4.2 Refolding and enzyme conversion

RRhP I expressed in the form of inclusion bodies is poorly water-soluble due to mismatched disulfide bonds. In order to increase the solubility of RRhP I in the DEA E2 agarose fast flow anion exchange chromatography, a large amount of urea was added to the buffer. At this time, RRhP I is in a denatured environment. Therefore, urea must first be removed prior to double digestion to allow RRhP I to renature. In this study, Sephadex G225 was used to remove the denaturing agent, which could effectively prevent protein aggregation and induce the denatured protein RRhP I to fold into its natural state. Chromatography was carried out under the conditions we used to obtain two chromatographic peaks, and peak 2 was the monomer RRhP I which was folded to be correct. Among them, the amount of high-scoring heteroprotein is reduced. Peak 1 is a high molecular weight heteroprotein, poly RRhP I and an incomplete or incorrect RRhP I fold. Re-chromatography and folding reactions of this fraction can increase the overall yield of folding. It can be seen that this step chromatography can achieve the triple effect of purification, removal of denaturant and induction of renaturation. In vivo, there are two Ca2+-dependent endopeptidases and carboxypeptidase H involved in the proinsulin transformation process. In vitro, pro-proteolysis with trypsin and carboxypeptidase B can also convert proinsulin to insulin [4, 5], which makes it possible to prepare human insulin by expressing human proinsulin with E. coli. In the expression product constructed in this study, two Arg were inserted between the leader peptide (H is) 6 and proinsulin, which is the same as the connection between the C peptide and insulin, and thus is converted in double digestion. At the same time, (H is) 62A rg2A rg can be accurately removed without additional processing, thus reducing the post-processing. Under the conditions of the enzyme digestion selected in this study, RRhP I was accurately and efficiently converted into h I . SDS2PA GE analysis showed that the enzyme digestion was more complete and the main electrophoresis band was transferred from 13 KD to a position parallel to the human insulin standard.

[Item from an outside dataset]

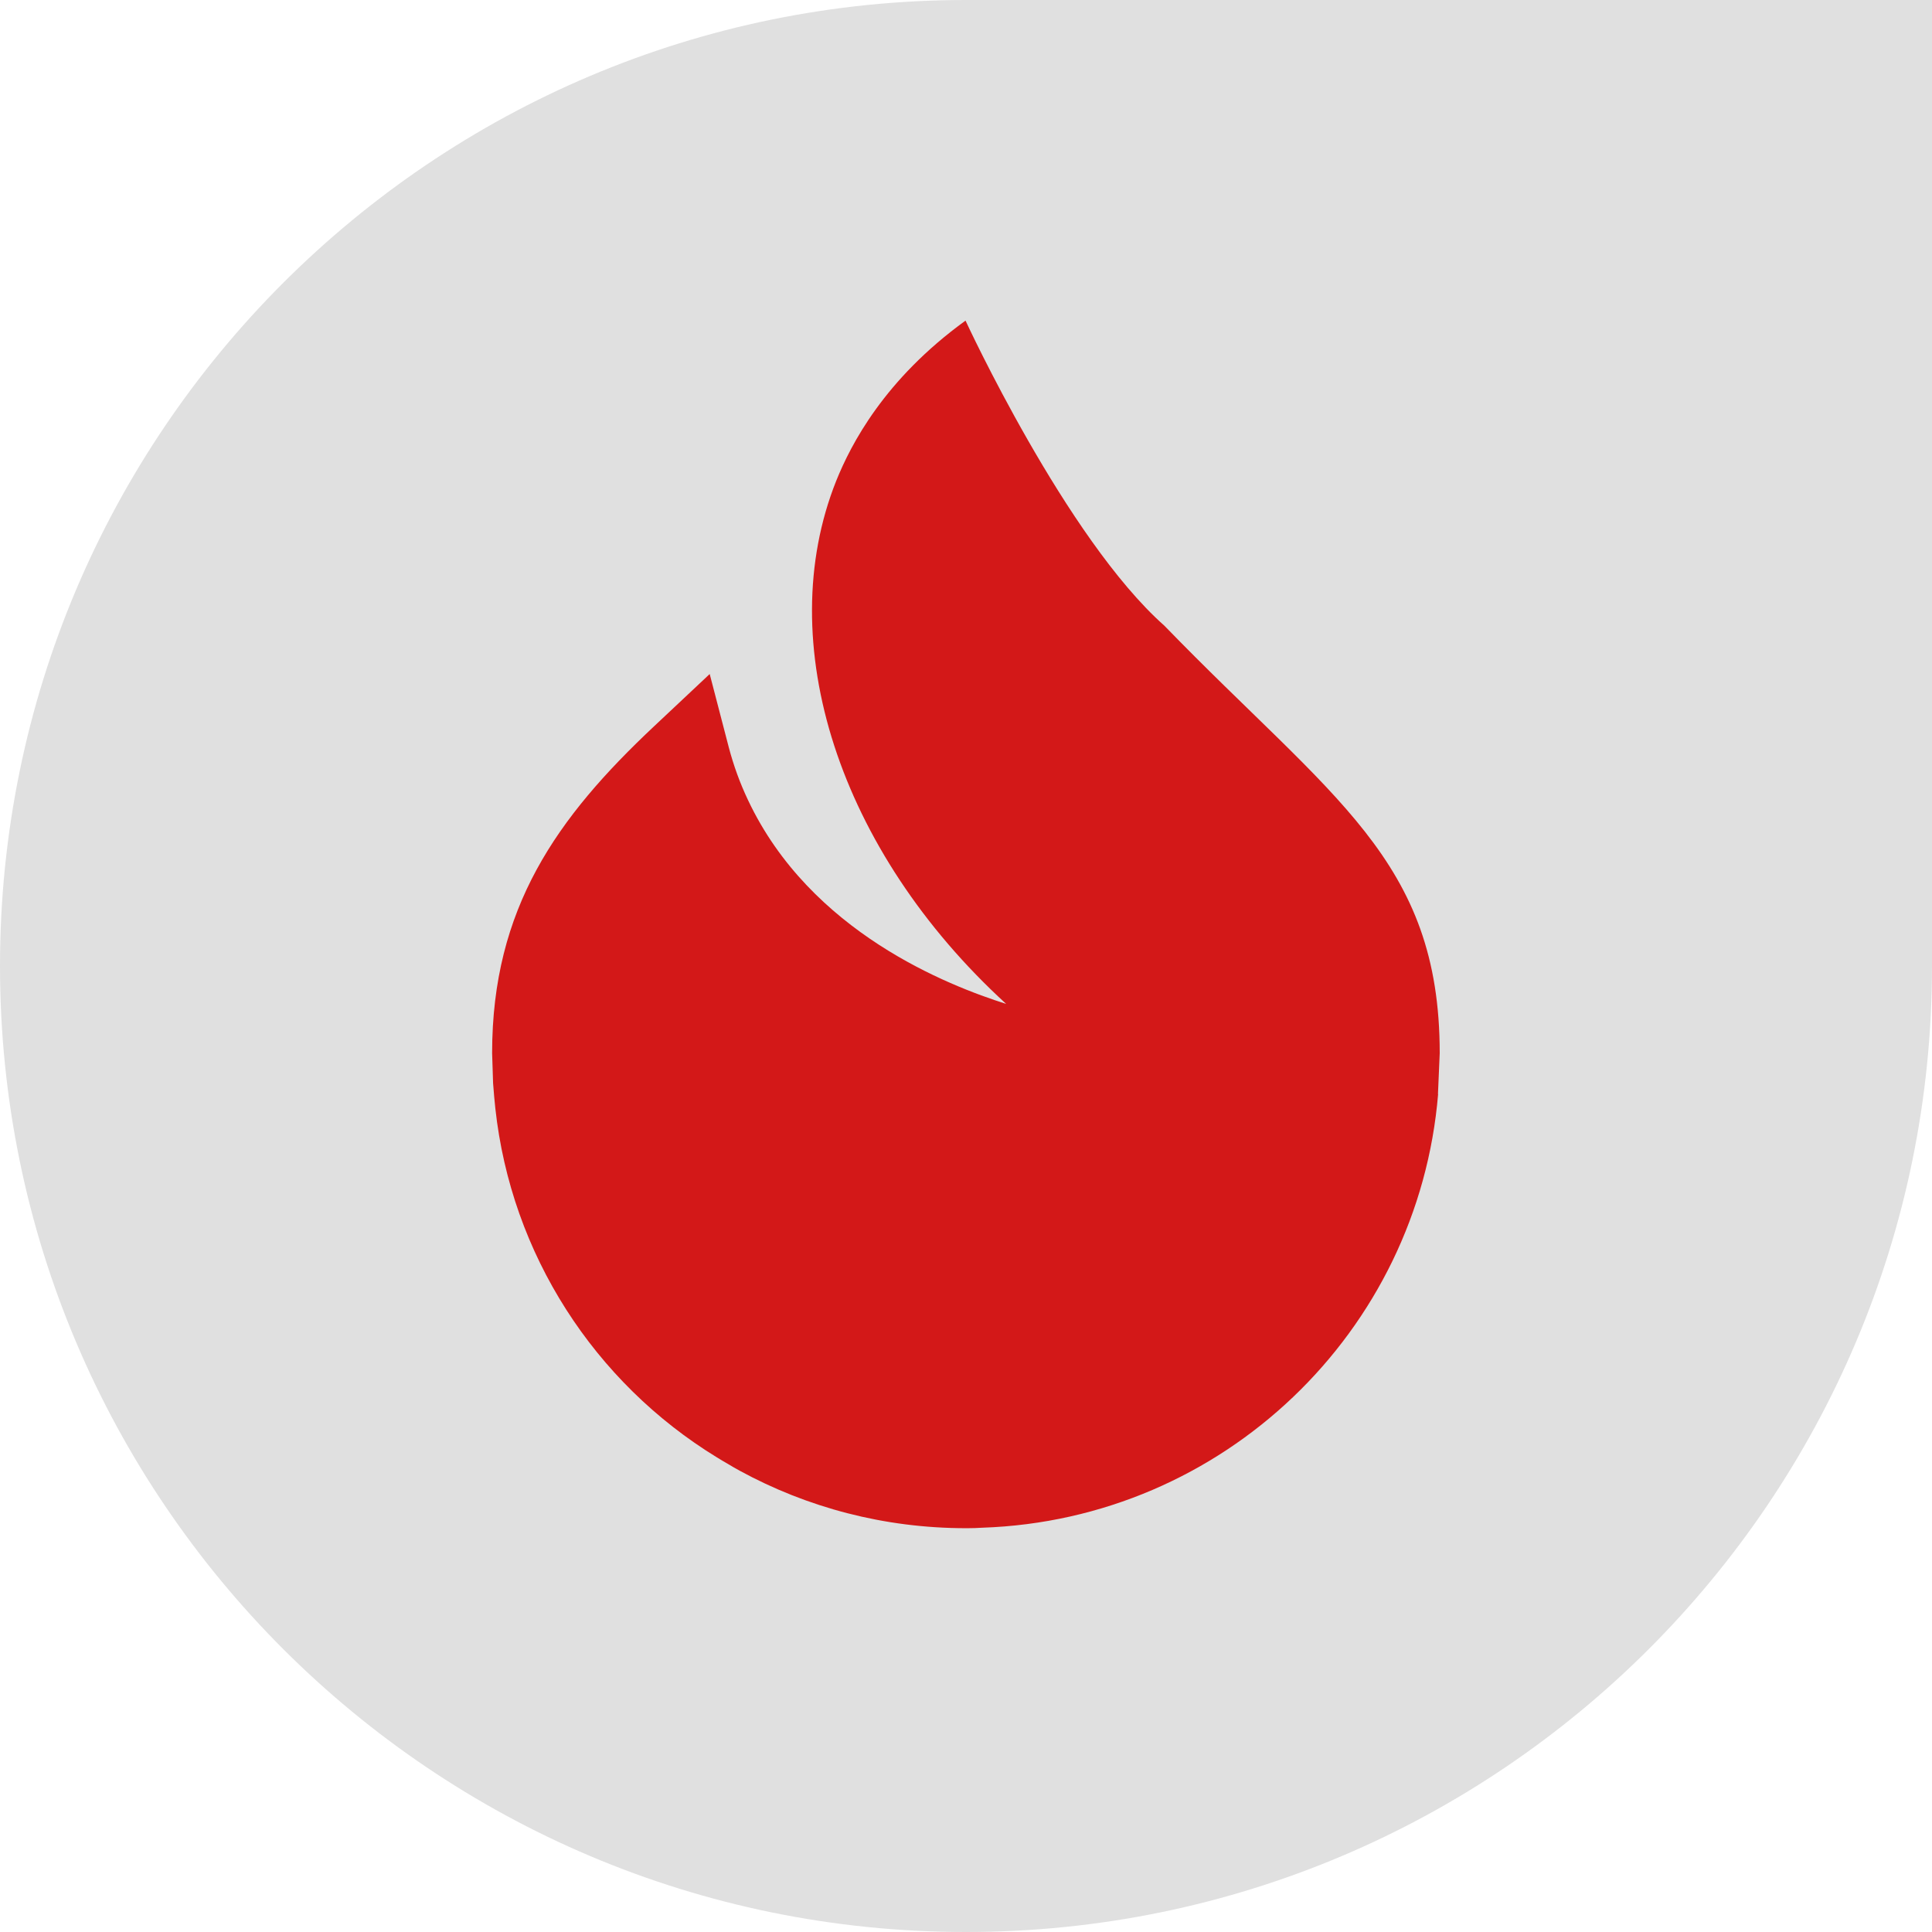<?xml version="1.0" encoding="UTF-8"?><svg id="Capa_2" xmlns="http://www.w3.org/2000/svg" viewBox="0 0 120.76 120.76"><defs><style>.cls-1{fill:#e0e0e0;}.cls-2{fill:#d31818;}</style></defs><g id="Capa_1-2"><path class="cls-1" d="M60.38,0h60.38v60.38c0,33.32-27.05,60.38-60.38,60.38h0C27.05,120.76,0,93.7,0,60.38H0C0,27.05,27.05,0,60.38,0Z"/><path class="cls-2" d="M89.88,68.39c0-.06.11-2.53.11-2.56,0-12.11-6.73-15.91-17.21-26.72-6.15-5.45-12.43-19.07-12.43-19.07-5.08,3.68-7.17,7.75-8.08,10.01-4.04,10.11.16,23.13,10.62,32.7-3.59-1.14-12.23-4.47-16.13-12.73-.52-1.09-.91-2.19-1.2-3.28l-1.2-4.61-3.47,3.26c-6.08,5.71-10.13,11.37-10.13,20.43,0,.03.06,1.87.06,1.88.02.36.12,1.41.14,1.57.99,9.12,6.19,17.14,13.86,21.83.23.14.46.28.69.41.24.14.48.29.73.42,4.2,2.29,9.02,3.59,14.14,3.59.02,0,.03,0,.05,0,.01,0,.03,0,.04,0,.31,0,.62-.01.93-.03,15.06-.51,27.26-12.25,28.49-27.11Z"/></g></svg>

4 . 3 insulin purification

Preparative HPLC is currently commonly used for the final purification of genetically engineered products [6-8]. This is because HPLC has the advantages of convenient operation, high resolution, and high purity of the product to meet clinical requirements at one time. However, HPLC has the disadvantages of high requirements on hardware and software, large initial investment, limited purification, and the like, so that the production capacity is affected. In this study, Superdex 75 molecular sieve chromatography was used in the final purification of human insulin. It has high mechanical strength, good stability, good reproducibility, small particle size (24-44L) and high resolution (13 000 p latesöm). Fast flow rate (0. 85～4.4 4 m löm in, 25°C), and can be operated at low pressure, wide pH range (3~12), wide separation range (spherical protein, 3～70KD), non-specific adsorption It has the advantages of large loading capacity, easy control of chromatographic conditions, etc. It is an ideal chromatographic method for purifying genetic engineering products. Use 0.2 mol löL sodium acetate 2 acetic acid, pH 4.0 buffer as the balance solution and

The eluate, after the crude h I was subjected to Superdex 75 column chromatography, we obtained a higher purity human insulin preparation, and the SDS2PA GE analysis sample had only one band. There have been no reports on the use of Superdex 75 purified genetic engineering products. Insulin is a natural biologically active substance that must maintain its natural secondary structure in order to exert its biological activity of lowering blood sugar. The positive results of the mouse convulsion experiment fully indicate that the chromatographic conditions selected in this study not only effectively purify the expression product, but also effectively prevent the inactivation and degeneration of the target product h I , and finally the preparation of the higher purity has Naturally active genetically engineered human insulin.